At first, we find our instructions in natural language or code to connect, execute code, generate a query: making the LLM understand how to land the result requested by the MCP client. Speaking of connection, authentication is done during the first connection, with the user running the MCP client. This point will need to be anticipated in the context of a larger-scale deployment.

At last, a list of the available functions and tools :

Risks & consequences

Once our server is deployed and our commands executed, we could consider deploying it at enterprise scale. What are the risks here?

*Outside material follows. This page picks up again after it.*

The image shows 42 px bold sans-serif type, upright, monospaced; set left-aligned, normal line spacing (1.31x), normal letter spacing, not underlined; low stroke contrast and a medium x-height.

Usage abstraction, resource consumptions and bad intentions

Knowledge and trust: MCP offers us a method to expose users to results without having to go through the query editor or work directly with KQL. In our case, the executed query is returned along with the result, but without verifying or knowing the language, one must trust the LLM on the accuracy of the values. We risk losing the knowledge associated with the language if the question is not asked beforehand. Without being sure of what we write, there is an indirect link to the result, due to the LLM’s interpretation of our request, as well as how the tools are coded on the MCP server.
Resources used: Without writing our own code, we can’t know if it’s the most efficient way to reach our goal: in natural language, we consume the LLM’s resource-heavy capacities, and we don’t guarantee the efficiency of our queries nor their low cost on the database.
Available commands: An MCP server can be provided by a third party, as in our case, or developed directly by the person deploying it. In both cases, it’s necessary to verify the available tools—and thus understand how a server works and what it is composed of—to ensure user requests are limited if they exceed the rules set by the server. Also, it’s possible to provide context in a prompt to supply tools that might be missing on the MCP server. Precise and limited rights management is necessary to limit misuse.
Bad intentions: In our tests, we stopped at well-intentioned queries. Let’s imagine a colleague dissatisfied with the results returned by their queries, acting with bad intentions: for testing, we replicated the table, then asked for an indicator on the average humidity of a city. It’s possible to lie the LLM to update the table data and thus inflate the returned KPIs. It’s also possible to delete a table:

*Prompt getting air humidity average in Clermont-Ferrand*

*Badly intentioned Prompt, enabling data update and deleting table.*

Security risks

To cover it fully, Redhat and Microsoft has described the security risks related to MCP servers. Let’s list some of the risks that directly concern our tests:

The MCP server must ensure security per user – by impersonation – by limiting user access. We can imagine read-only access, and even row-level security to filter tables by business perimeters. Here, being administrator of both the machine and the Kusto database, we propagated our rights all the way to the database.
If the MCP server does not secure its accesses, log management, and its exchanges with resources and MCP clients, then it is possible to intercept or retrieve authentication methods or tokens used to authenticate.
Imagine the MCP server for Microsoft Fabric RTI evolves: we could deploy an update to our server via a pip command. If we connect directly to an existing server, it could be updated without knowing. Thus, methods not in our control could appear, or methods capable of exfiltrating data or obtaining the identities of connecting users.
In our case, the transport protocol used between server and client does not follow best practices: it does not rely on the JSON-RPC standard, nor on SSE, but on standard i/o. The exchanges between the Agent and our Server are not compliant with large-scale deployment as is.